À Limoges, jusqu’au 20 septembre, sous la houlette de son directeur historique, Yannick Miloux, le Frac‑Artothèque Nouvelle‑Aquitaine invite avec « Paysages recommencés » à partager les visions d’artistes sur une thématique ontologiquement fluctuante et sans cesse fascinante.
Au fond, qu’est-ce qu’un paysage ? Ce qui s’offre au regard est-t-il le fruit de la Nature ? D’une intervention divine ? De la main de l’homme ? Ou bien, comme le souligne Yannick Miloux, ancien directeur du Frac Limousin, ci-devant commissaire de l’exposition (avec la collaboration d’Hélène Dantic et d’Émilie Flory), « un point de vue avec des choses par essence différentes » ? Seule certitude, dans l’histoire des arts, la part consacrée au paysage est bien moindre que celle accordée, au hasard, au portrait ou au nu.

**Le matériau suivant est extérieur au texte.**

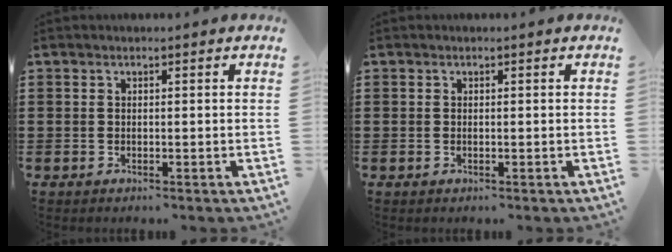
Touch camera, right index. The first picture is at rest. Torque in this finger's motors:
{"motor_torque": [0.84, 1.30, 0.00, 0.01]}
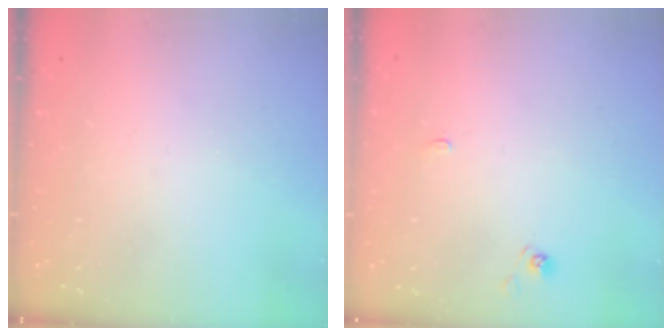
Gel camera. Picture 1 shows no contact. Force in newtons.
{"total": 1.7, "press": 1.7, "slide": 0.3}
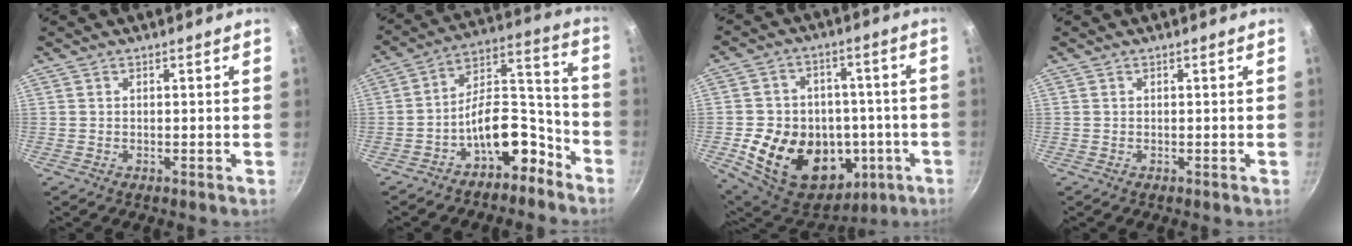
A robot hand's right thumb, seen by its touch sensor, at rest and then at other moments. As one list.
[{"total": 13.4, "force": [-7.8, 7.0, 8.4], "torque": [-0.080, 0.110, -0.124]}, {"total": 23.4, "force": [-5.7, 17.9, 14.0], "torque": [-0.218, 0.038, -0.065]}, {"total": 0.0}]
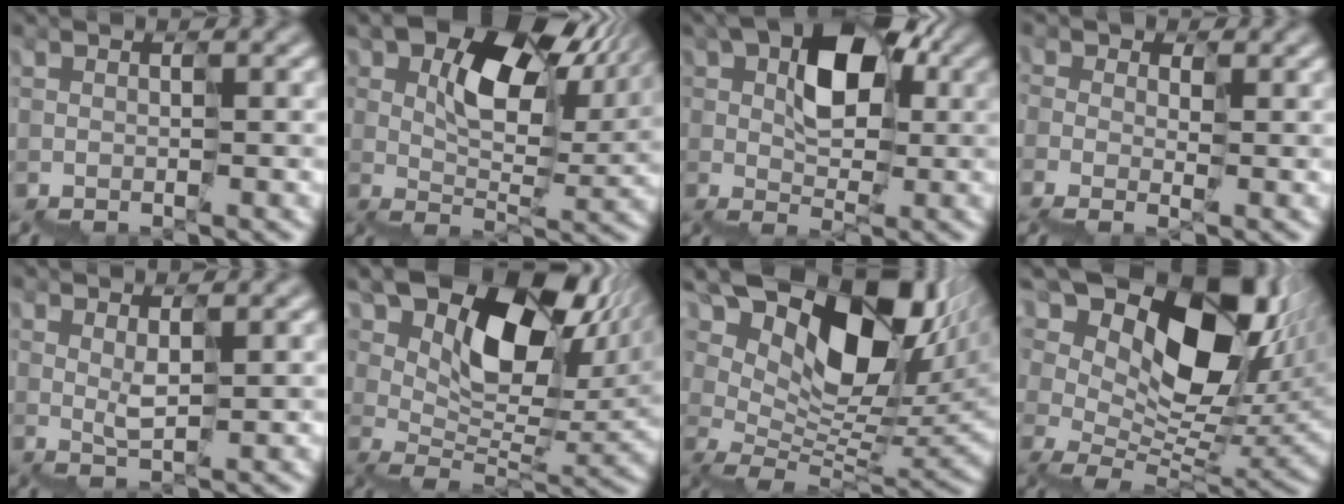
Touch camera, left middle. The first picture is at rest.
{"total": 9.2, "force": [5.2, 4.4, 6.1], "torque": [-0.095, 0.014, 0.083]}
{"total": 6.7, "force": [2.7, 4.0, 4.6], "torque": [-0.063, 0.032, 0.034]}
{"total": 1.5, "force": [0.9, 1.3, 0.0], "torque": [0.003, 0.008, 0.007]}
{"total": 1.8, "force": [1.7, -0.4, -0.4], "torque": [-0.010, 0.011, 0.033]}
{"total": 11.4, "force": [6.7, 6.3, 6.7], "torque": [-0.094, 0.017, 0.117]}
{"total": 13.6, "force": [8.3, 7.3, 7.9], "torque": [-0.131, 0.025, 0.148]}
{"total": 14.7, "force": [8.2, 8.5, 8.8], "torque": [-0.151, 0.030, 0.144]}
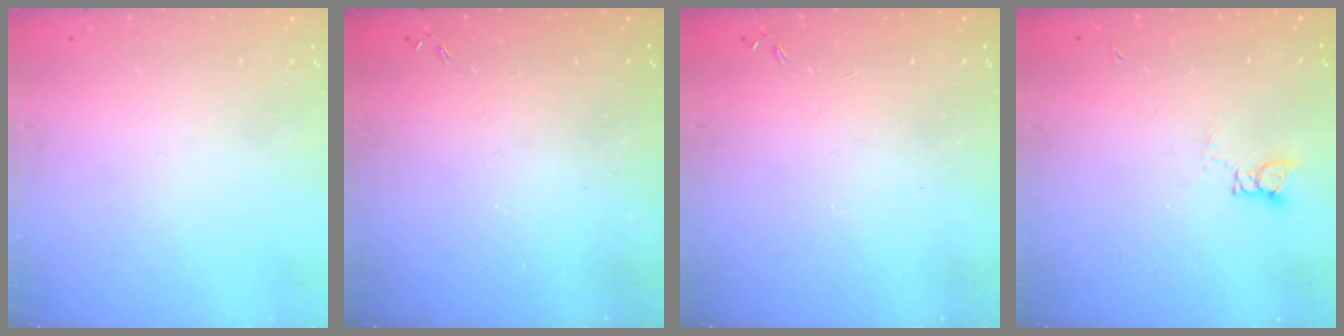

« Paysages recommencés » emprunte son titre à une formule d’André Raffray (1920-2010), responsable du service animation de la Gaumont, connu, entre autres, pour avoir signé le générique et les prologues de chaque épisode des Brigades du Tigre. Cet admirateur de Paul Cézanne, Piet Mondrian et Marcel Duchamp réalisa en 2004, à la demande du Frac Limousin, La Sédelle de Francis Picabia, reproduction hyperréaliste de Bords de la Sédelle (1909), peint par Francis Picabia, à Crozant, dans la Creuse.
Vaste déambulation
Capturé, réinterprété, sublimé, rêvé, dans le splendide écrin du Frac‑Artothèque Nouvelle‑Aquitaine, le paysage est ici envisagé de manière protéiforme, investissant atrium, coulisse, salle musée, galerie photo, grand mur, galerie peinture et balcon. Une vaste déambulation à la hauteur de « la notion de paysage intérieur monumental », longtemps mûrie par Yannick Miloux. Loin d’un parcours chronologique, cette proposition déploie époques et pratiques pour appréhender un sujet plus mouvant qu’il n’y paraît.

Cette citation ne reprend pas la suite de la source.